徐缓之低头,借着灯光,他看到自己脚下空空如也。
雨水打湿的石板上,只有他自己的双脚,却没有本该如影随形的黑影。
恐惧攫住了他的喉咙。
他回头,看见文先生正站在巷子深处,朝他轻轻招手。
更夫顺着他的目光望去,却一脸茫然:“你看什么呢?那边什么都没有啊。”
只有徐缓之能看到——文先生脚下的残影正在生长,渐渐有了完整的轮廓。
而那个轮廓,分明就是他自己的身形!
徐缓之没命地跑回小楼,反锁所有门窗。
他撕下床头的铜镜,狠狠砸在地上。
铜镜碎裂的瞬间,他仿佛听到无数声凄厉的哀嚎。
镜子的碎片里,映出无数张痛苦扭曲的脸——都是之前那些租客的影子!
天快亮时,徐缓之做了一个决定。
他找出所有蜡烛,在屋里点满,让光亮充斥每一个角落。
没有影子的人,最怕的应该就是光吧?
正午时分,他揣着把柴刀,再次走向文家院子。
院门大敞着,里面空无一人。
芭蕉叶依然浓绿,书房里墨迹未干,那幅画还摊在桌上。
只是画中人的眉眼,此刻已与徐缓之一模一样。
画的题跋写着:“嘉靖某年某月某日,收第七影,形神渐备,大功将成。

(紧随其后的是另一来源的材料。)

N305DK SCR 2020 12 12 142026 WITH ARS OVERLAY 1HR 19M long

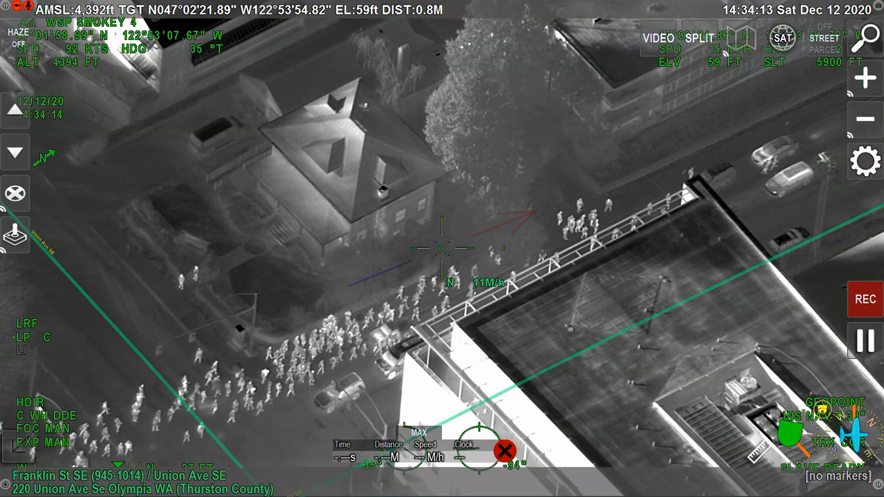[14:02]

”
徐缓之烧了那幅画,又砸了书房里所有可疑的物件。
他在墙角找到一个陶瓮,瓮口封着厚厚的蜡。
砸开陶瓮,里面是满满一瓮黑黢黢的、粘稠如膏的东西,散发着浓烈的河腥气。
瓮底沉着几枚铜钱,最早的一枚,竟是前朝弘治年间的。
这个“文先生”,到底在这里住了多少年?
又到底收集了多少人的影子?
徐缓之不敢细想,他连夜搬离了小楼。
新住处是在闹市,白天人来人往,夜里灯火通明。
他以为自己安全了。
直到某个深夜,他从睡梦中渴醒,迷迷糊糊走到桌边倒水。
月光从窗外照进来,将他的身影投在地上。
徐缓之无意间低头,整个人瞬间僵住了。
地上的影子,正缓缓抬起一只手——那动作,分明不是他自己的动作!
影子转过头(尽管它根本没有真实的头颈),用那个侧影的轮廓,对着徐缓之,露出了一个与文先生如出一辙的、僵硬而贪婪的笑容。

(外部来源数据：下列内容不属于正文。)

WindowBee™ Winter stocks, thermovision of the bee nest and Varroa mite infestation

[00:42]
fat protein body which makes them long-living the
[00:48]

然后它张开嘴(尽管它根本没有嘴),用只有徐缓之能听见的、湿漉漉的声音说:
“你烧掉的……只是画。”
“而我……早就住在你影子里了。”
徐缓之手中的茶杯跌落在地,摔得粉碎。
他看到自己的影子慢慢膨胀、变形,边缘伸出无数细小的触须,一点一点地,爬向他的脚踝。
窗外传来打更声,更夫悠长的调子飘进屋子:
“天干物燥——小心火烛——”
“夜半三更——鬼影随形——”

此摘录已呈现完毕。